A workflow that takes a raw sales CSV, cleans it, joins it to a product reference table, computes derived columns, and publishes the result as a clean fact table.

sales.csv → import → filter → join with products → add columns → publish
products.csv → import
  • A PlaidCloud workspace (start a free trial if you don’t have one)
  • A project to work in (create one from the Projects tab if needed)
  • Two CSV files to import — for this tutorial we’ll use a simple sales transactions file and a product catalog file. You can use your own or generate sample data with any spreadsheet tool
  1. Open your project and switch to the Workflows tab.
  2. Click New Workflow. Name it something descriptive like “Sales Cleanup”.
  3. Click Create. The empty workflow appears in your list.
  4. Double-click the workflow to open the Workflow Explorer.
  1. In the Workflow Explorer, add a new step.
  2. Choose Import → CSV (or whichever import step matches your source format).
  3. In the step configuration:
    • Source file — point at your sales CSV (upload, or pick from a connected document account)
    • Target table — name it sales_raw
    • Delimiter, quote character, header row — adjust if your file is non-standard
  4. Run the step. The CSV lands as a new table in your project.

Check the Tables tab to see sales_raw. Click into it to verify the data looks right — column count, sample rows, data types.

Repeat Step 2 with your products CSV, targeting a table named products_raw. This gives you both reference tables needed for the join.

Real sales data has gaps — null amounts, test transactions, refunds you don’t want in the main fact table. Add a filter step to remove them.

  1. Add a Tables → Table Lookup step (or any table transform that lets you filter).
  2. Configure:
    • Source table: sales_raw
    • Target table: sales_clean
    • Filter conditions: e.g., amount > 0 AND status = 'completed'
  3. Run the step. sales_clean should have fewer rows than sales_raw.

Now combine the cleaned sales rows with product details from the catalog.

  1. Add a Tables → Table Inner Join step.
  2. Configure:
    • Left table: sales_clean
    • Right table: products_raw
    • Join keys: the column linking the two tables (e.g., product_id)
    • Target table: sales_enriched
  3. Run the step.

sales_enriched now has every column from both tables. You probably want a subset — that comes next.

Cleaning typically means dropping columns you don’t need and computing derived ones. Add another table step:

  1. Add a Tables → Table Lookup step (used here for column selection and computation).
  2. Configure:
    • Source: sales_enriched
    • Target: sales_final
    • Columns to keep: the subset that matters for downstream consumers
    • Computed columns: e.g., revenue = amount * price, margin = revenue - cost
  3. Run the step.

For column-level calculations, the Expressions reference covers every function available — string operations, date math, conditional logic, aggregations.
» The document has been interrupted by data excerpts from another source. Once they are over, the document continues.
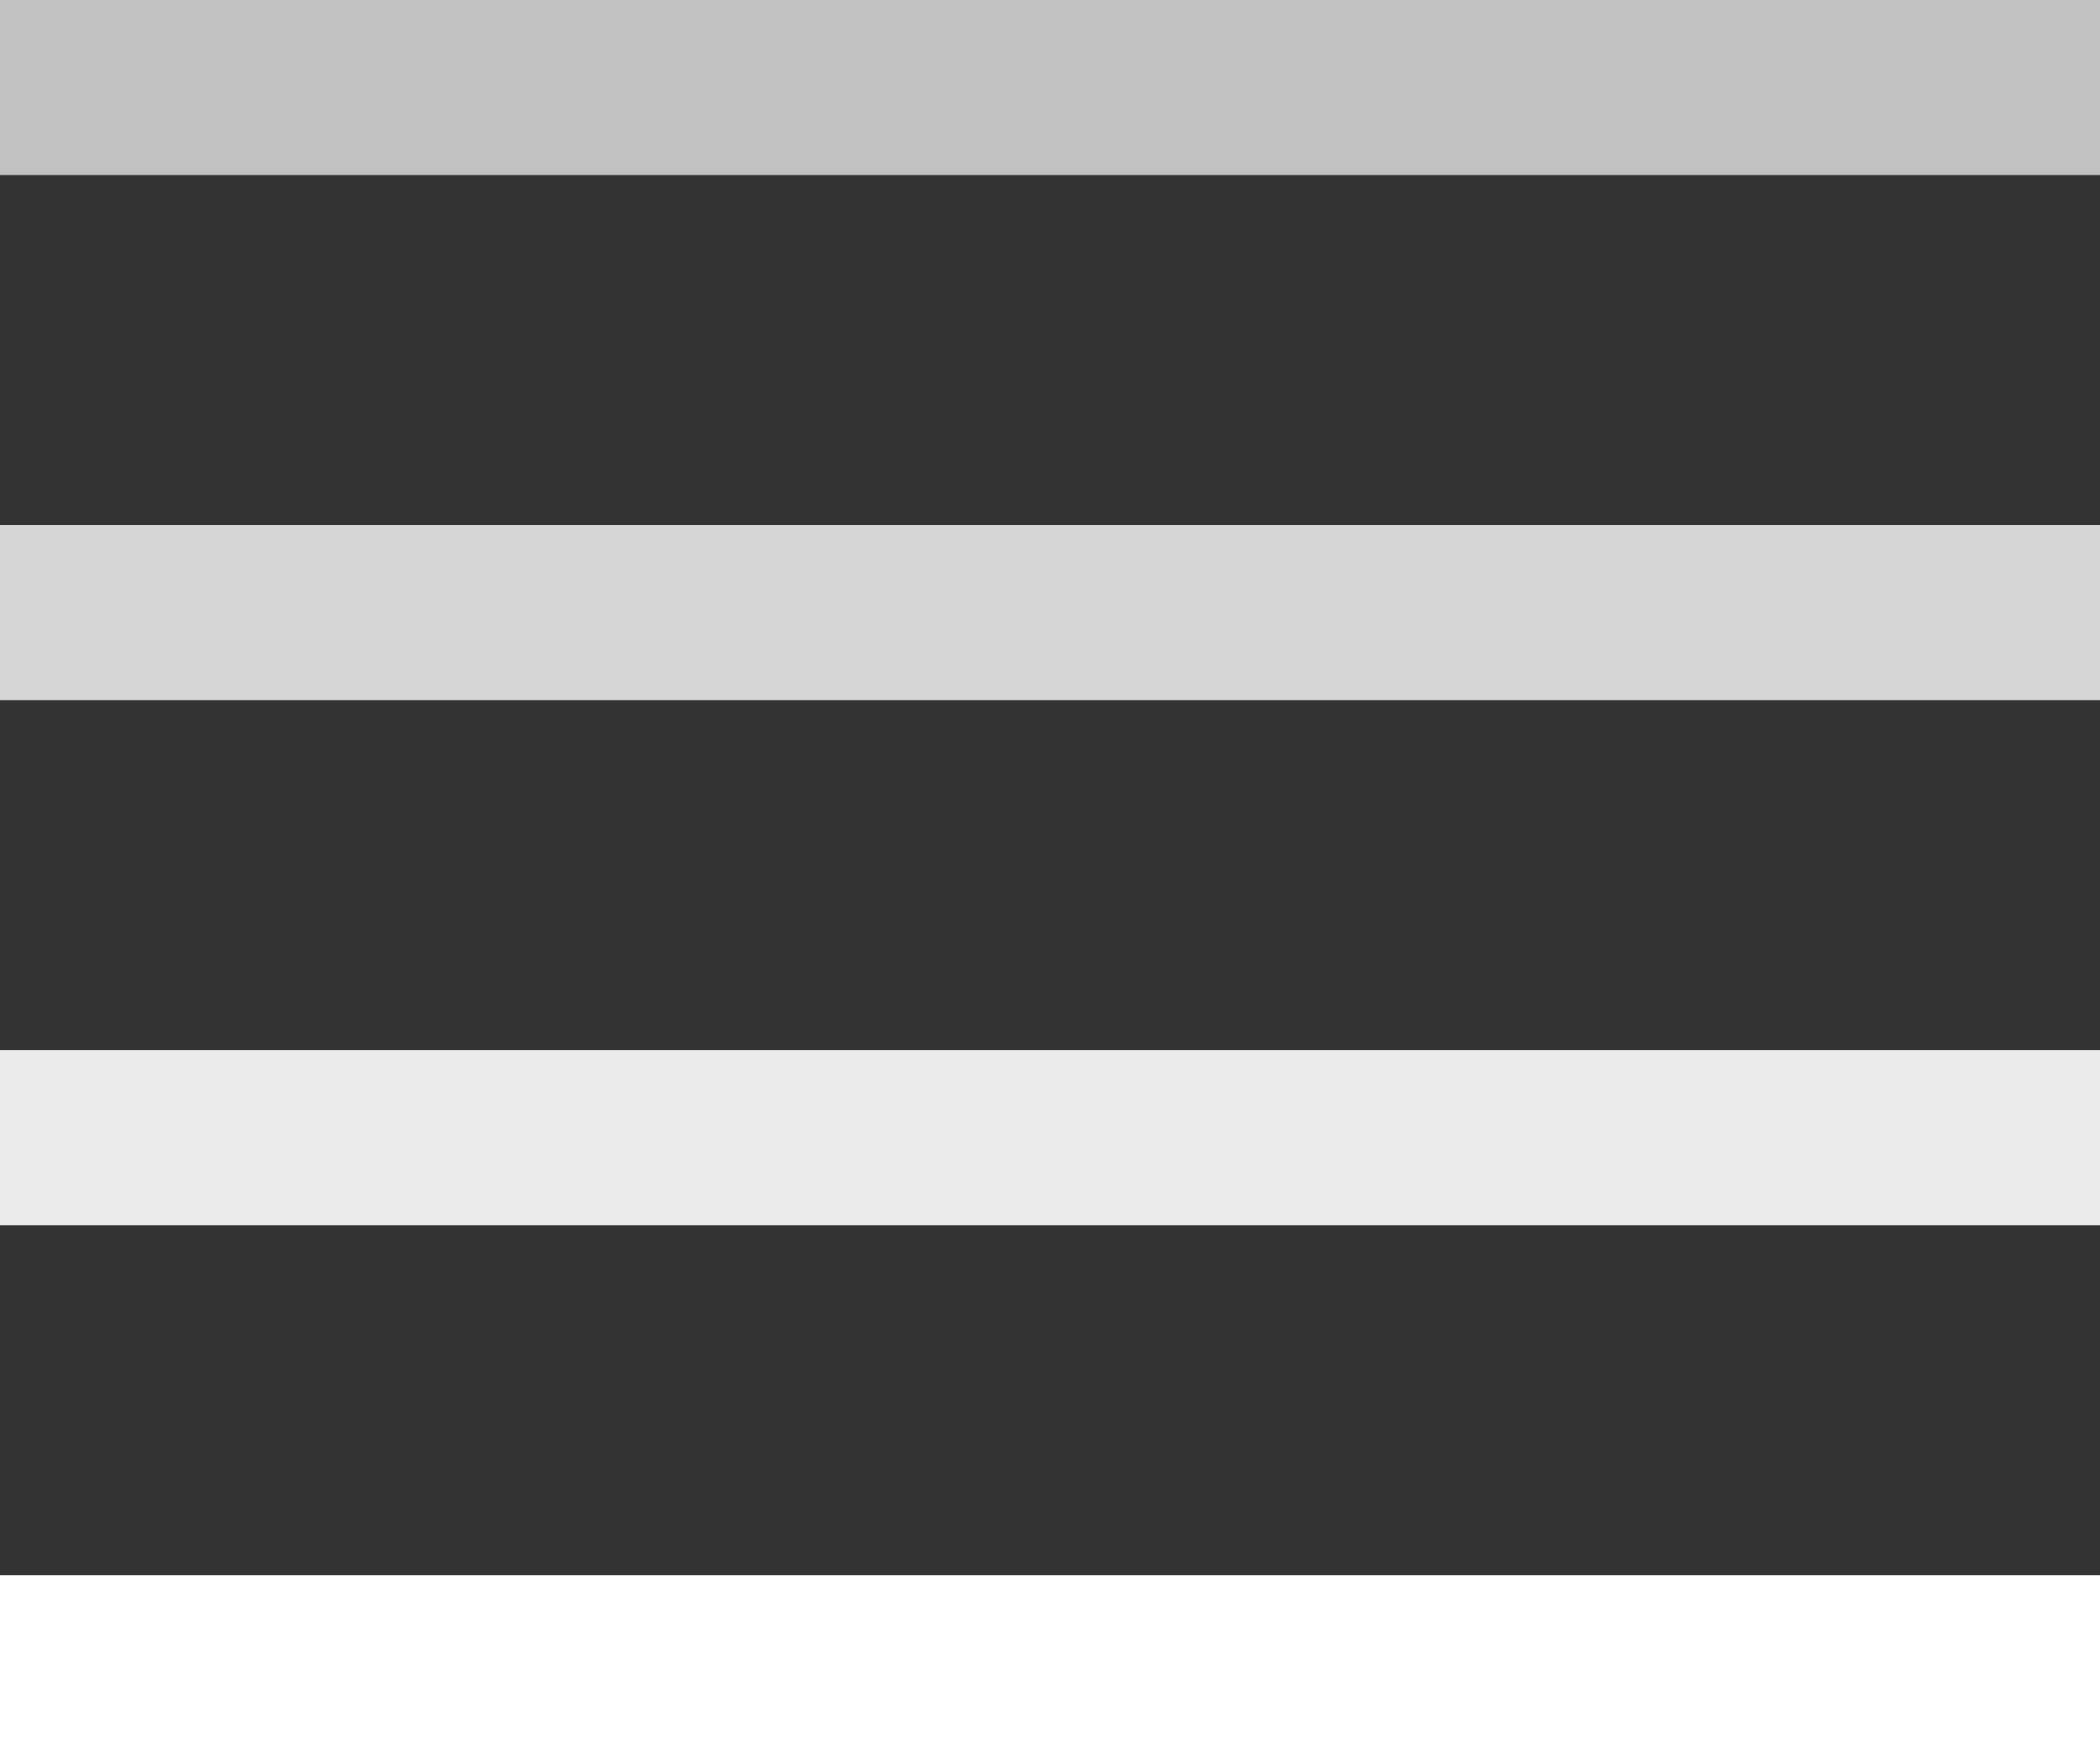 <svg width="24" height="20" viewBox="0 0 24 20" fill="none" xmlns="http://www.w3.org/2000/svg">
<rect x="0" y="0" width="24" height="20" fill="#333333" stroke="none"/>
<rect width="24" height="2" fill="white" fill-opacity="0.7"/>
<rect y="6" width="24" height="2" fill="white" fill-opacity="0.8"/>
<rect y="12" width="24" height="2" fill="white" fill-opacity="0.9"/>
<rect y="18" width="24" height="2" fill="white"/>
</svg>

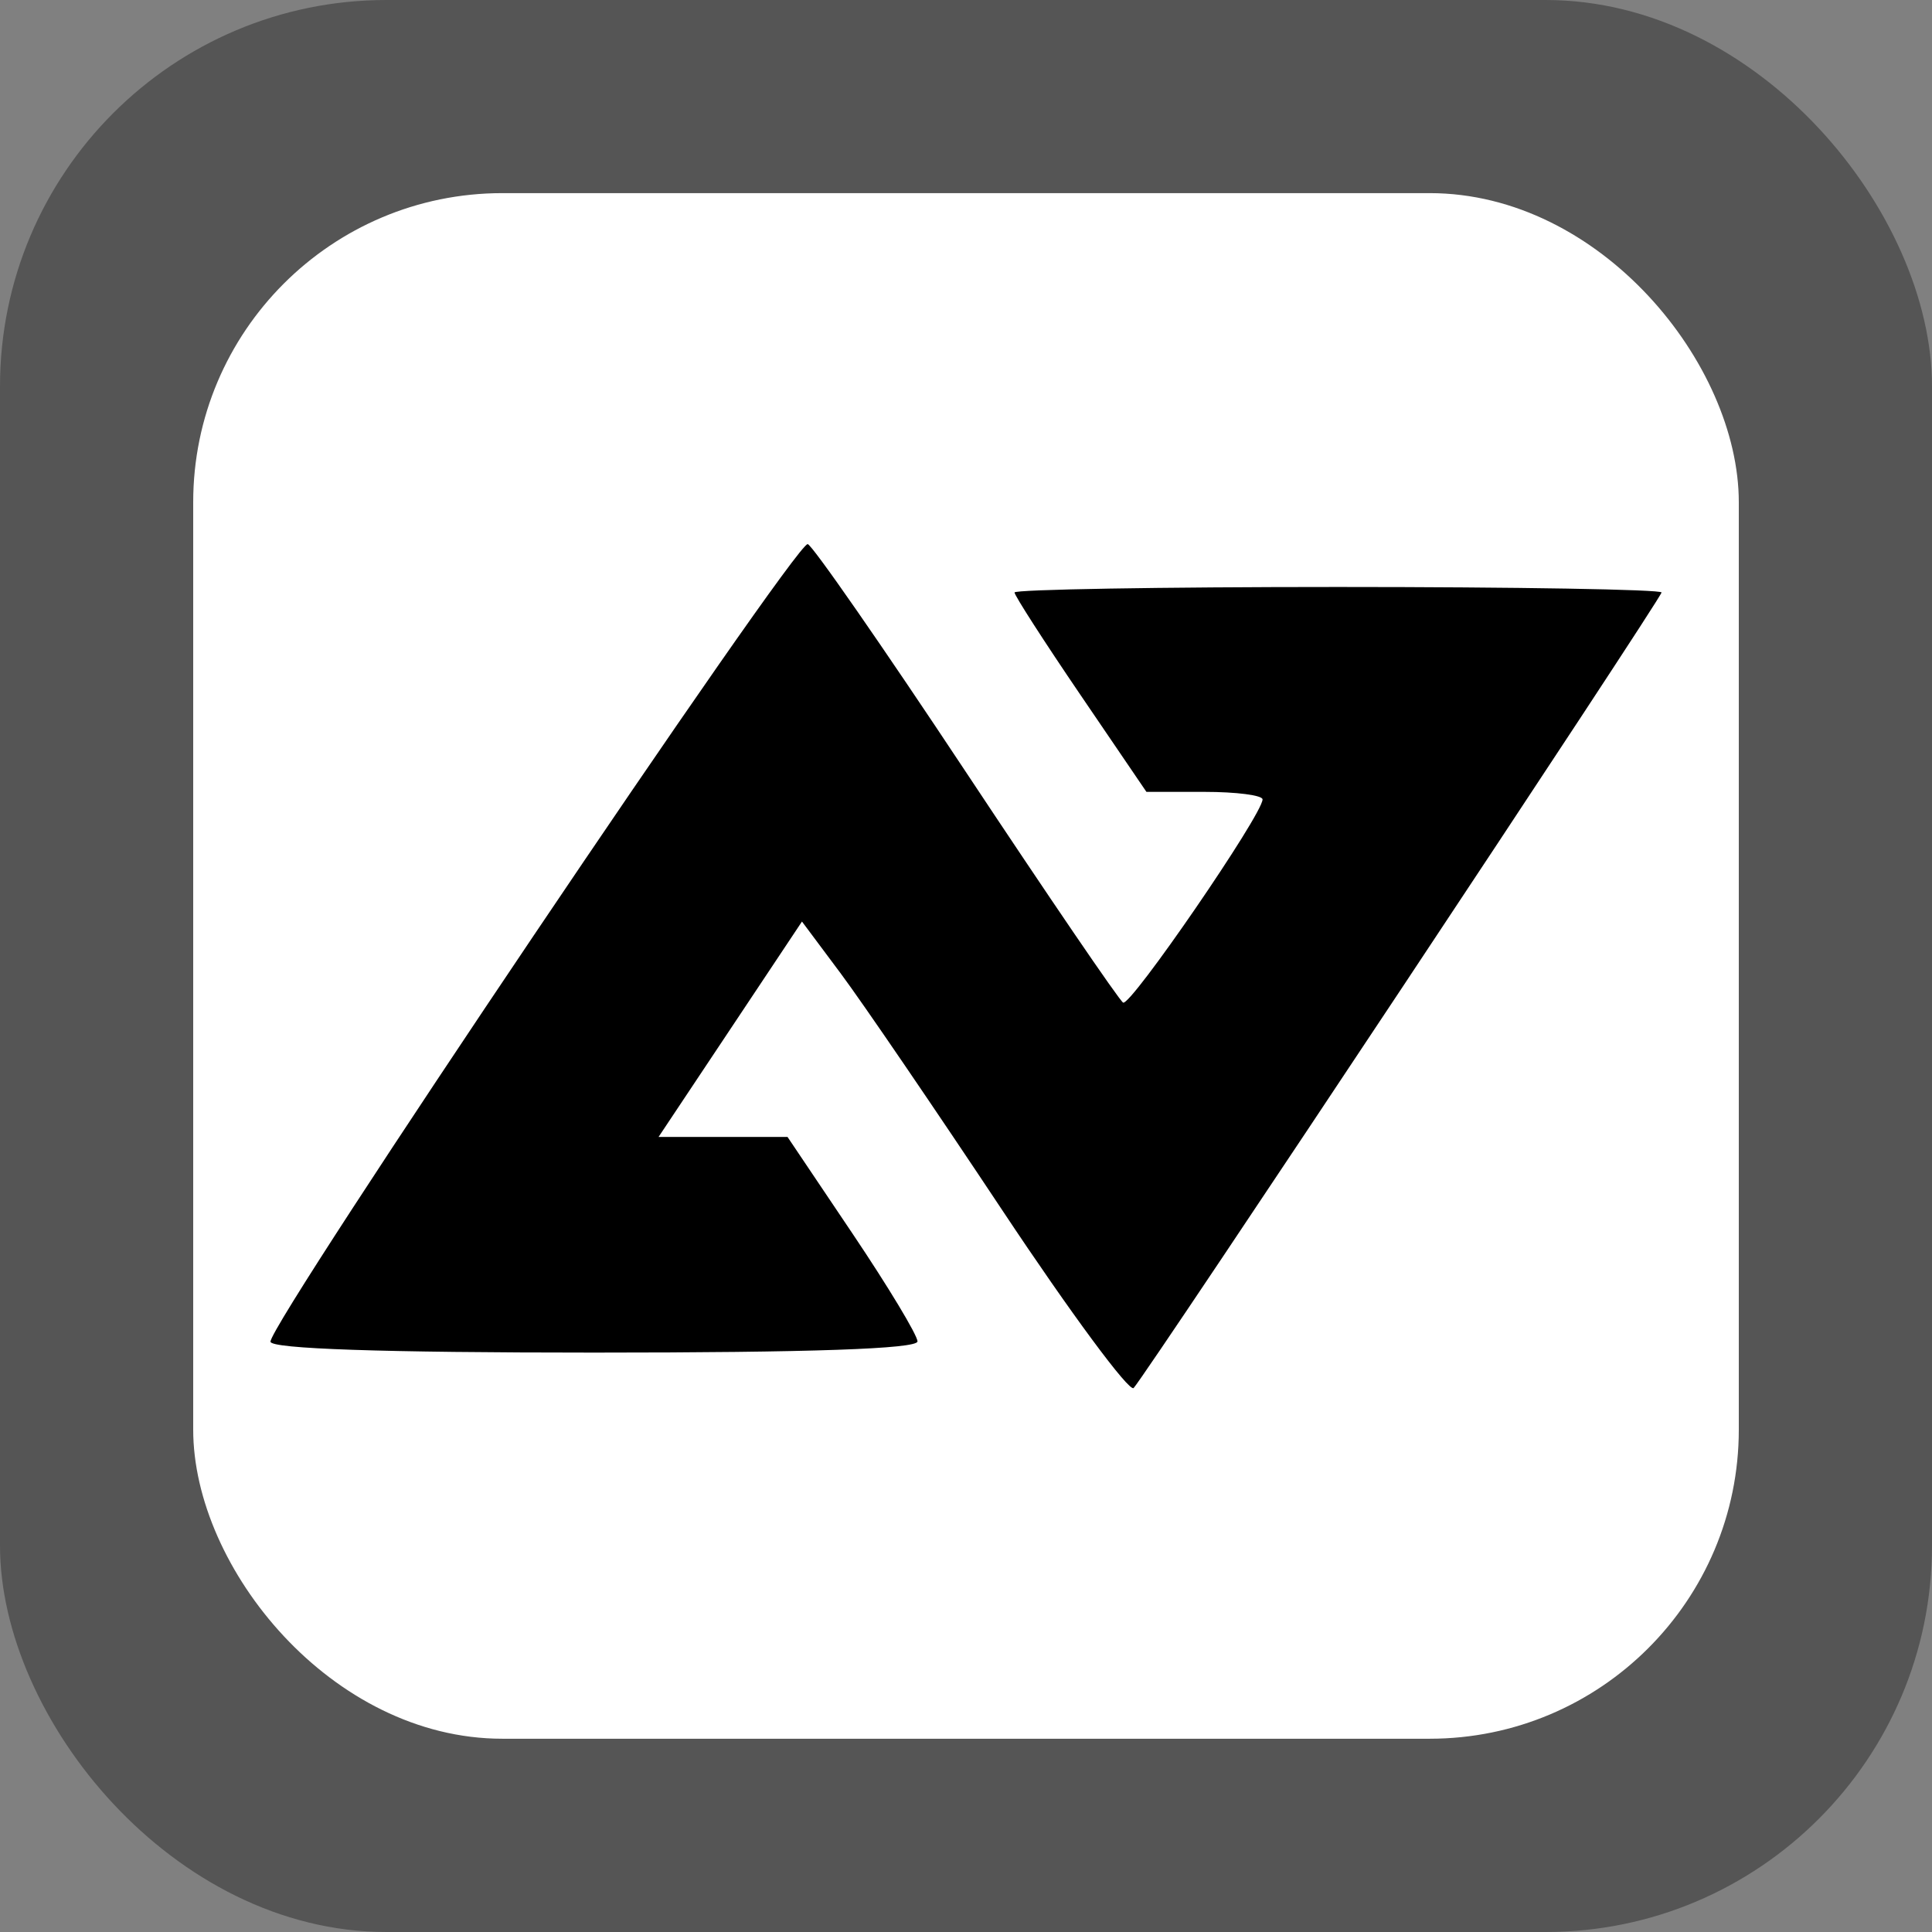 <svg xmlns="http://www.w3.org/2000/svg" version="1.1" xmlns:xlink="http://www.w3.org/1999/xlink" xmlns:svgjs="http://svgjs.com/svgjs" width="1000" height="1000"><rect width="100%" height="100%" fill="#808080" stroke="none"/><rect width="1000" height="1000" rx="200" ry="200" fill="#555555"></rect><g transform="matrix(0.8,0,0,0.8,100,99.962)"><svg xmlns="http://www.w3.org/2000/svg" version="1.1" xmlns:xlink="http://www.w3.org/1999/xlink" xmlns:svgjs="http://svgjs.com/svgjs" width="1000" height="1000"><svg xmlns="http://www.w3.org/2000/svg" version="1.1" xmlns:xlink="http://www.w3.org/1999/xlink" xmlns:svgjs="http://svgjs.com/svgjs" width="1000" height="1000"><style>
    #light-icon {
      display: inline;
    }
    #dark-icon {
      display: none;
    }

    @media (prefers-color-scheme: dark) {
      #light-icon {
        display: none;
      }
      #dark-icon {
        display: inline;
      }
    }
  </style><g id="light-icon"><svg xmlns="http://www.w3.org/2000/svg" version="1.1" xmlns:xlink="http://www.w3.org/1999/xlink" xmlns:svgjs="http://svgjs.com/svgjs" width="1000" height="1000"><rect width="1000" height="1000" rx="200" ry="200" fill="#ffffff"></rect><g transform="matrix(5.028,0,0,5.028,50,222.908)"><svg xmlns="http://www.w3.org/2000/svg" version="1.1" xmlns:xlink="http://www.w3.org/1999/xlink" xmlns:svgjs="http://svgjs.com/svgjs" width="179" height="110"><svg width="179" height="110" viewBox="0 0 179 110" fill="none" xmlns="http://www.w3.org/2000/svg">
<path fill-rule="evenodd" clip-rule="evenodd" d="M109.713 59.827C109.186 59.502 100.053 46.102 89.414 30.049C78.777 13.996 69.648 0.848 69.126 0.83C67.394 0.769 0 100.827 0 103.458C0 104.38 14.384 104.867 41.628 104.867C69.48 104.867 83.256 104.389 83.256 103.426C83.256 102.634 79.493 96.39 74.894 89.55L66.532 77.115H58.236H49.938L59.166 63.257L68.392 49.398L73.403 56.112C76.157 59.804 85.538 73.554 94.248 86.666C102.96 99.778 110.53 110.017 111.072 109.421C112.857 107.456 179 7.779 179 7.055C179 6.666 160.267 6.347 137.372 6.347C114.477 6.347 95.744 6.666 95.744 7.055C95.744 7.445 99.563 13.377 104.229 20.237L112.716 32.712H120.187C124.297 32.712 127.659 33.149 127.659 33.683C127.659 35.619 110.646 60.404 109.713 59.827Z" fill="black"></path>
</svg></svg></g></svg></g><g id="dark-icon"><svg xmlns="http://www.w3.org/2000/svg" version="1.1" xmlns:xlink="http://www.w3.org/1999/xlink" xmlns:svgjs="http://svgjs.com/svgjs" width="1000" height="1000"><g transform="matrix(5.587,0,0,5.587,-0,196.411)" style="filter: contrast(0.426) brightness(4)"><svg xmlns="http://www.w3.org/2000/svg" version="1.1" xmlns:xlink="http://www.w3.org/1999/xlink" xmlns:svgjs="http://svgjs.com/svgjs" width="179" height="109"><svg width="179" height="109" viewBox="0 0 179 109" fill="none" xmlns="http://www.w3.org/2000/svg">
<path fill-rule="evenodd" clip-rule="evenodd" d="M109.713 58.997C109.186 58.672 100.053 45.272 89.414 29.219C78.777 13.166 69.648 0.018 69.126 0C67.394 -0.061 4.92334e-05 99.997 4.92334e-05 102.628C4.92334e-05 103.55 14.384 104.037 41.628 104.037C69.48 104.037 83.256 103.559 83.256 102.596C83.256 101.804 79.493 95.56 74.894 88.72L66.532 76.285H58.236H49.938L59.166 62.427L68.392 48.568L73.403 55.282C76.157 58.974 85.538 72.724 94.248 85.836C102.96 98.948 110.53 109.187 111.072 108.591C112.857 106.626 179 6.949 179 6.225C179 5.836 160.268 5.517 137.372 5.517C114.477 5.517 95.744 5.836 95.744 6.225C95.744 6.615 99.563 12.547 104.229 19.407L112.716 31.882H120.187C124.297 31.882 127.659 32.319 127.659 32.853C127.659 34.789 110.646 59.574 109.713 58.997Z" fill="white"></path>
</svg></svg></g></svg></g></svg></svg></g></svg>

Make sales_final available to dashboards and downstream systems.

  1. Add a Data → Publish step (or use the Publish option directly on the table).
  2. Configure who can read the published table — typically other members of the workspace plus any external systems that have access.
  3. Run the step.

The published table is now reachable by Dashboards, BI tools, and any external consumer with the right permissions.

Click Run on the workflow (not just one step). Watch the log as each step executes in order. The complete pipeline runs from CSV import through to publish.

If any step errors, the Managing step errors guide covers debugging — the most common issues are bad join keys (mismatch between tables) and unexpected null values in computed columns.